EXERCISE AIM: Repeat the records below word for word and omit each image.

[INPUT MATERIAL — start]

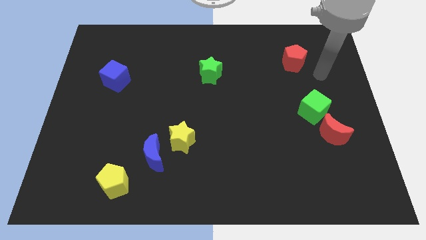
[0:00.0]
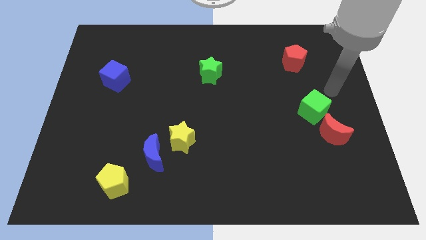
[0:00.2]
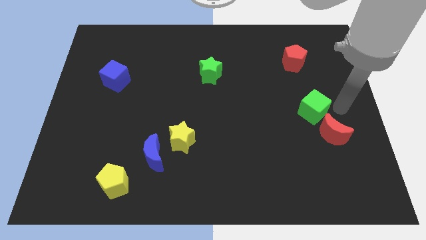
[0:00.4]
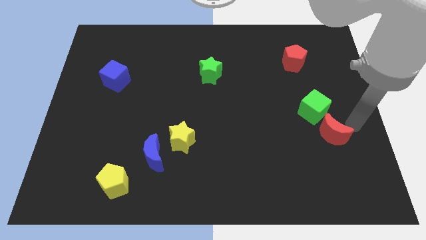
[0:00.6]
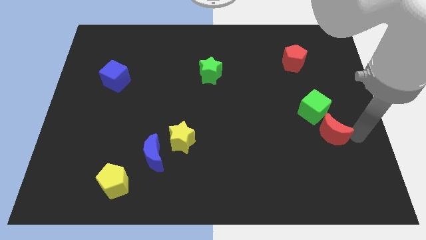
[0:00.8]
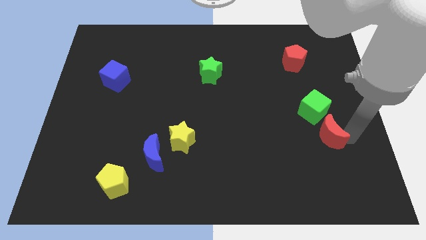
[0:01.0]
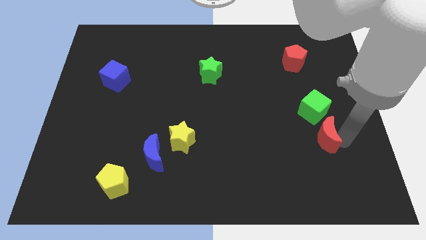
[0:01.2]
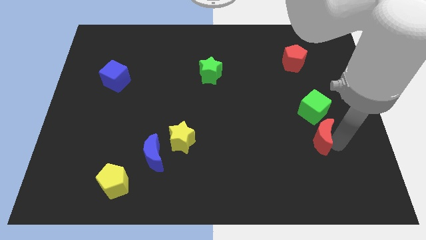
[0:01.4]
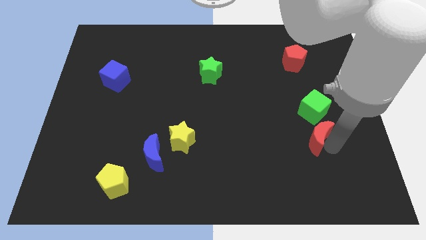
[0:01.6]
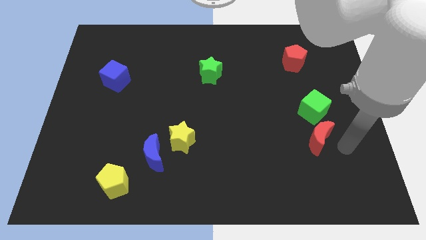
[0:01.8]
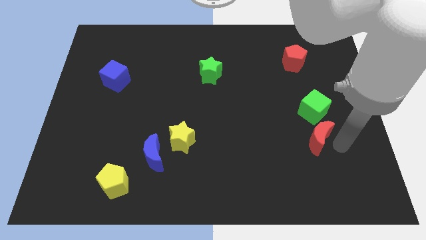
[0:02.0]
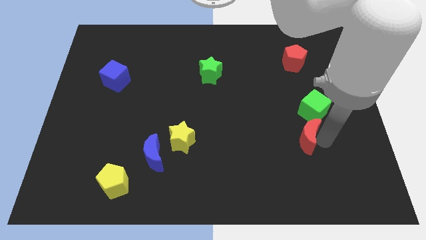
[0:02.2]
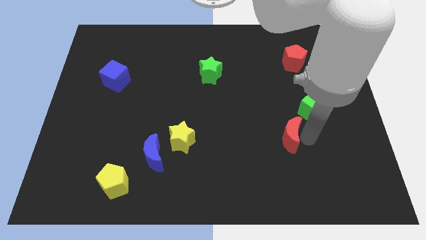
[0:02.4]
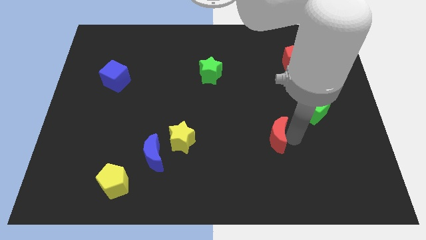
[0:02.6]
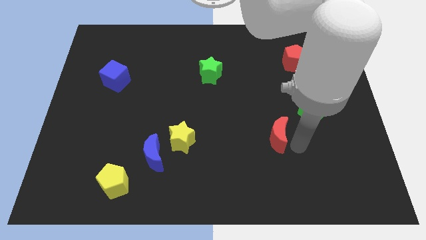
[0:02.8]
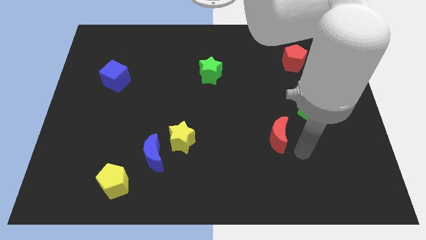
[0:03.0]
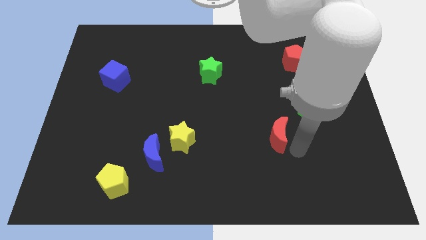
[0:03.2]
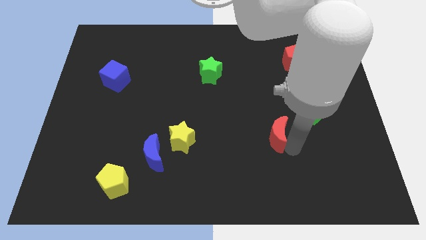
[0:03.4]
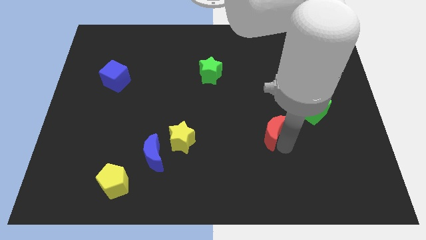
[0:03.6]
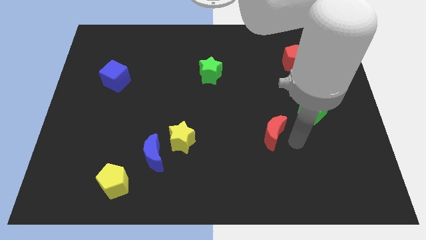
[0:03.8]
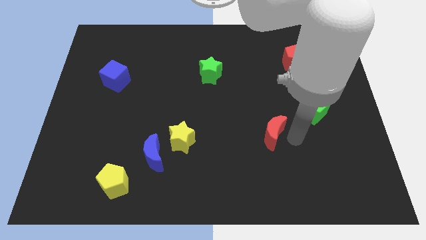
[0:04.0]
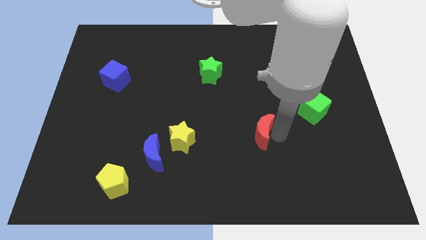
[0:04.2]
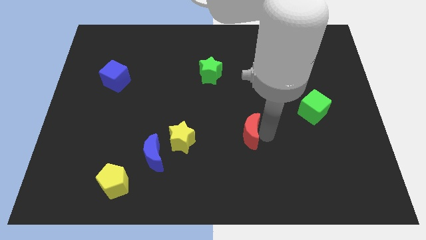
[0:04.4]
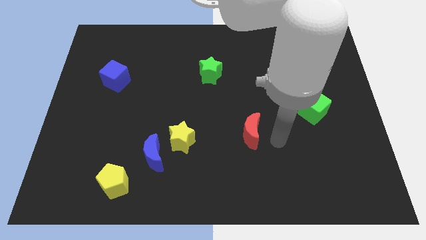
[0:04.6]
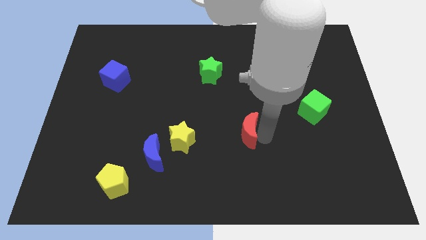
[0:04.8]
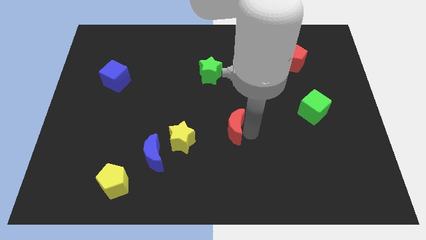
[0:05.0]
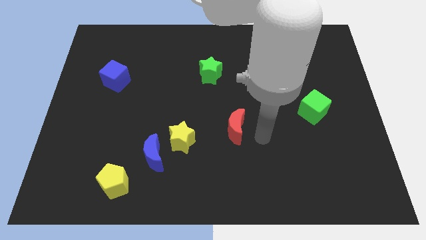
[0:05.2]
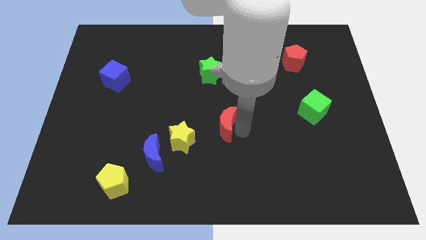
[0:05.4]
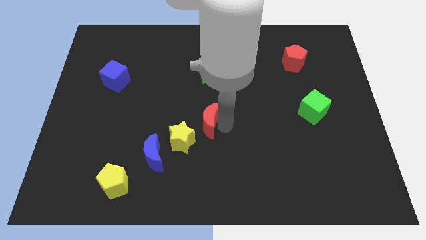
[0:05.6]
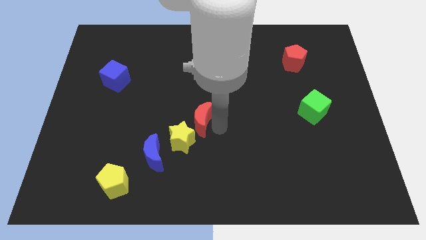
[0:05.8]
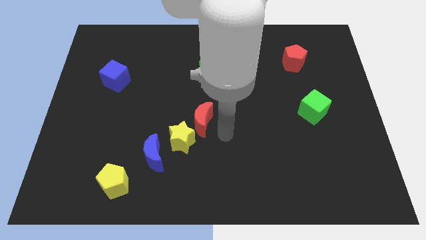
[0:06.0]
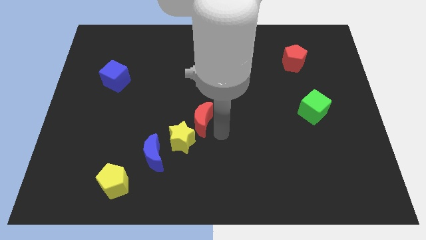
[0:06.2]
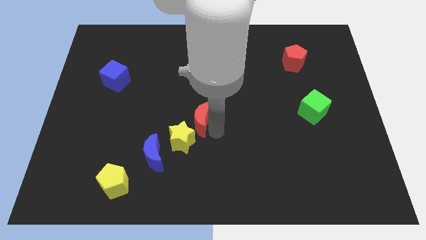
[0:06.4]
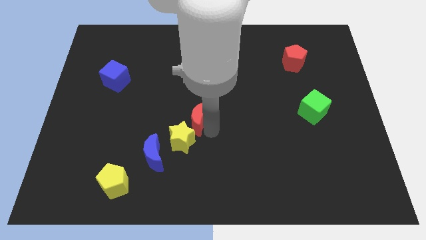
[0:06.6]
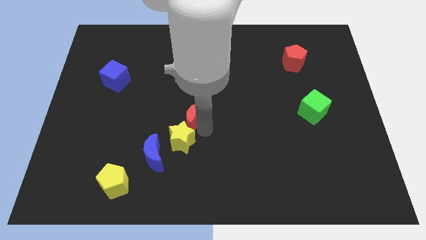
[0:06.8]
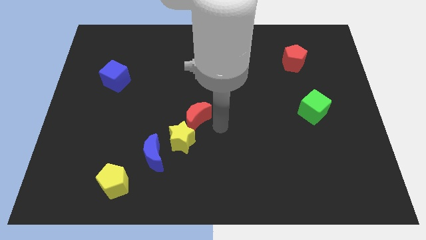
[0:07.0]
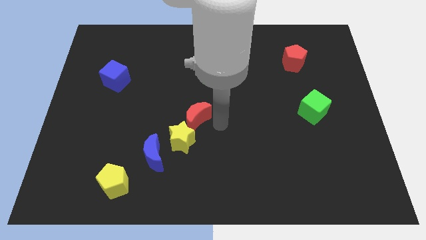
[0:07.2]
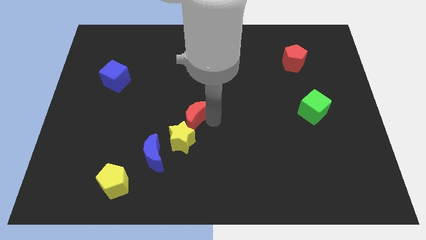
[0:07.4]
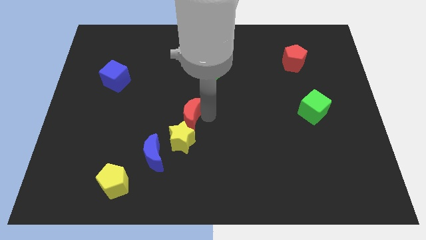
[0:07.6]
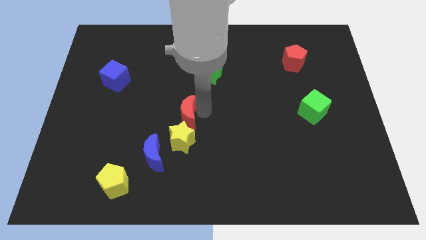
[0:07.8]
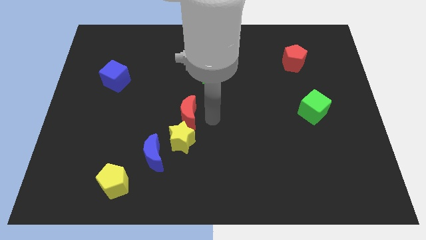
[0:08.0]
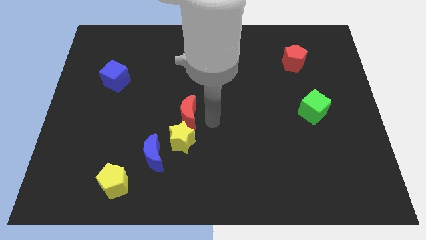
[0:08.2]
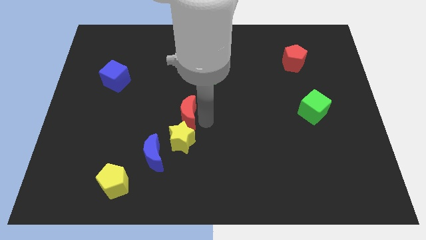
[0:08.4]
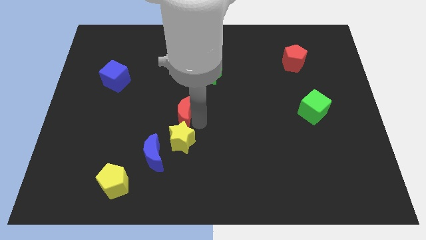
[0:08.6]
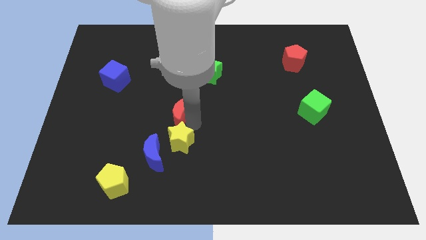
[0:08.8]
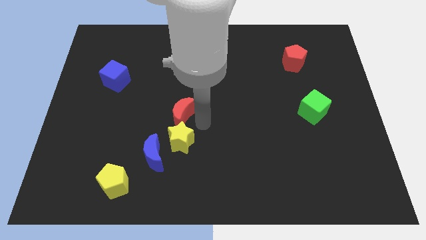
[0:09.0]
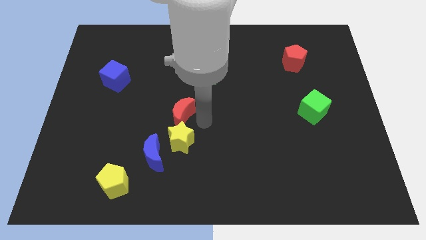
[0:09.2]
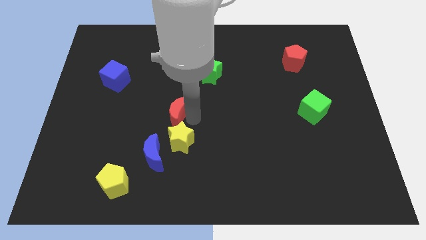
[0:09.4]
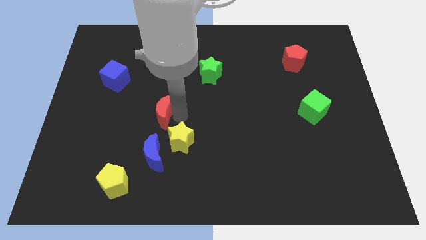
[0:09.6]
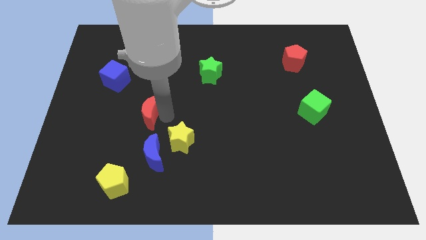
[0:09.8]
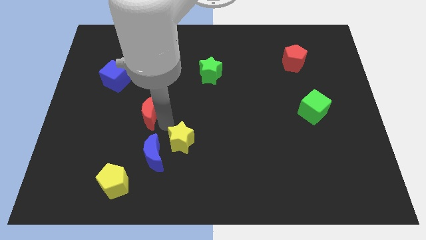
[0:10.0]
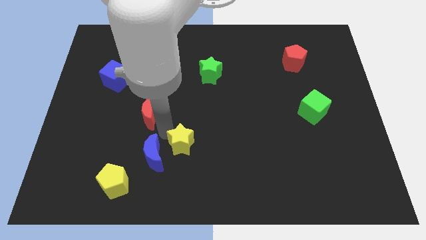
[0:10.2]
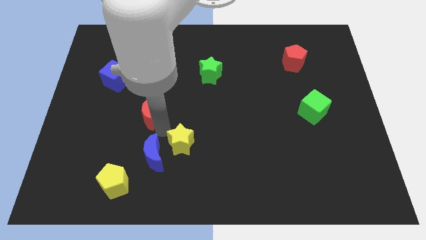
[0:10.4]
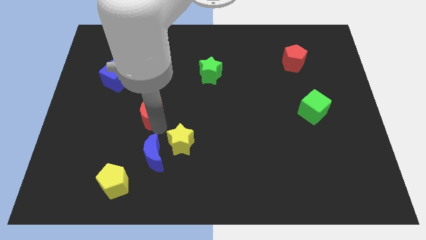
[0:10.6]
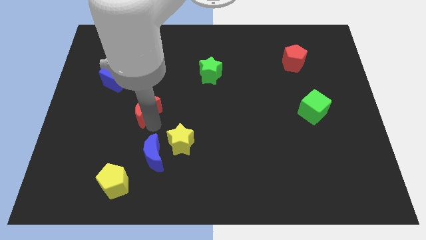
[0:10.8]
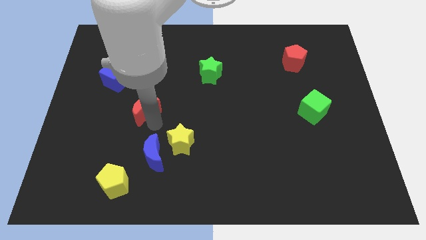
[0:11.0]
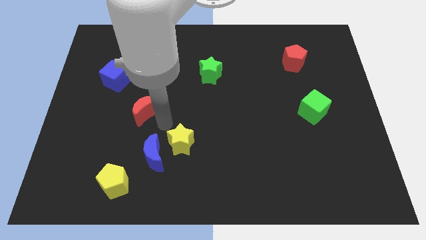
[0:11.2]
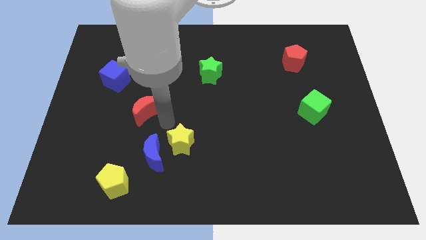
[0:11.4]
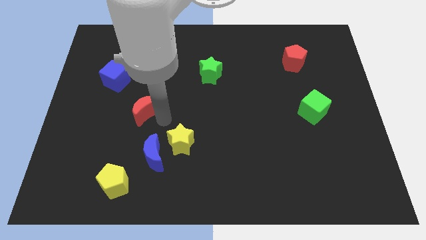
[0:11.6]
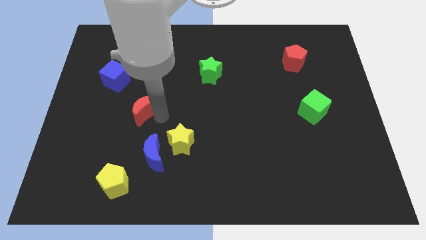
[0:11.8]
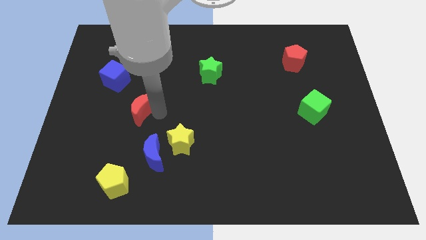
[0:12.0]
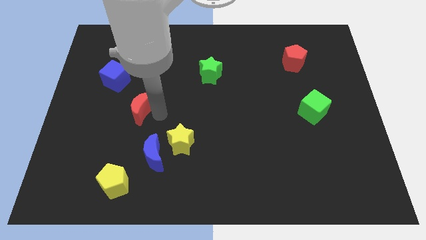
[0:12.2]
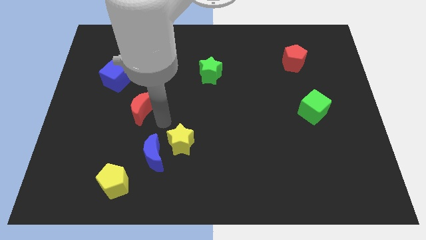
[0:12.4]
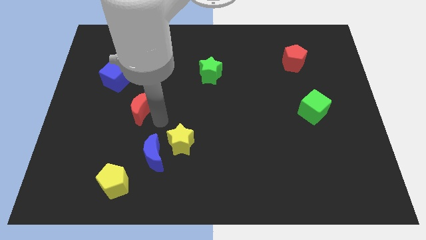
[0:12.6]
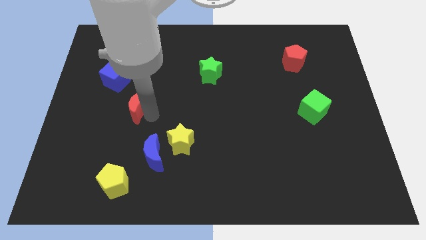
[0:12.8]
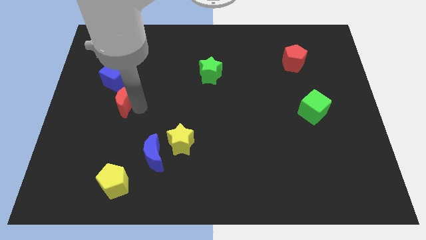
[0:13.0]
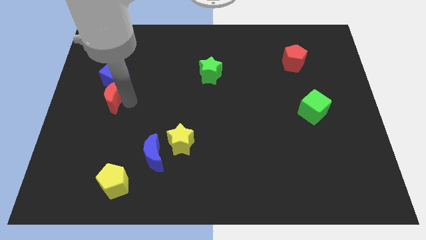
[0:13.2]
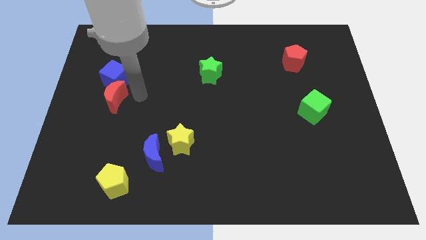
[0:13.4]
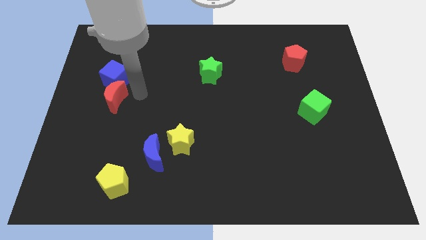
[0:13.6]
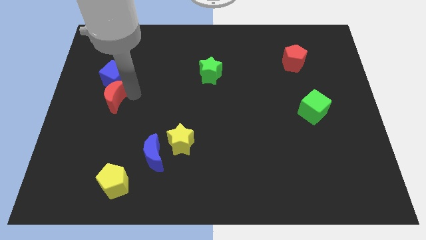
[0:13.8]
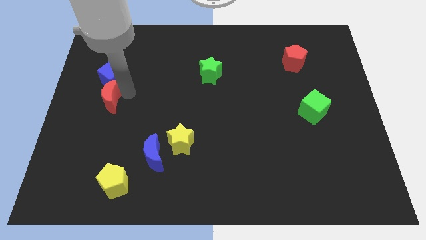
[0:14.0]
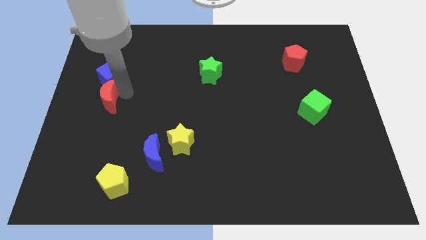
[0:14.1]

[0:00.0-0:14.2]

[INPUT MATERIAL — finish]

WORKED SOLUTION:
[0:00.0]
[0:00.2]
[0:00.4]
[0:00.6]
[0:00.8]
[0:01.0]
[0:01.2]
[0:01.4]
[0:01.6]
[0:01.8]
[0:02.0]
[0:02.2]
[0:02.4]
[0:02.6]
[0:02.8]
[0:03.0]
[0:03.2]
[0:03.4]
[0:03.6]
[0:03.8]
[0:04.0]
[0:04.2]
[0:04.4]
[0:04.6]
[0:04.8]
[0:05.0]
[0:05.2]
[0:05.4]
[0:05.6]
[0:05.8]
[0:06.0]
[0:06.2]
[0:06.4]
[0:06.6]
[0:06.8]
[0:07.0]
[0:07.2]
[0:07.4]
[0:07.6]
[0:07.8]
[0:08.0]
[0:08.2]
[0:08.4]
[0:08.6]
[0:08.8]
[0:09.0]
[0:09.2]
[0:09.4]
[0:09.6]
[0:09.8]
[0:10.0]
[0:10.2]
[0:10.4]
[0:10.6]
[0:10.8]
[0:11.0]
[0:11.2]
[0:11.4]
[0:11.6]
[0:11.8]
[0:12.0]
[0:12.2]
[0:12.4]
[0:12.6]
[0:12.8]
[0:13.0]
[0:13.2]
[0:13.4]
[0:13.6]
[0:13.8]
[0:14.0]
[0:14.1]

[0:00.0-0:14.2]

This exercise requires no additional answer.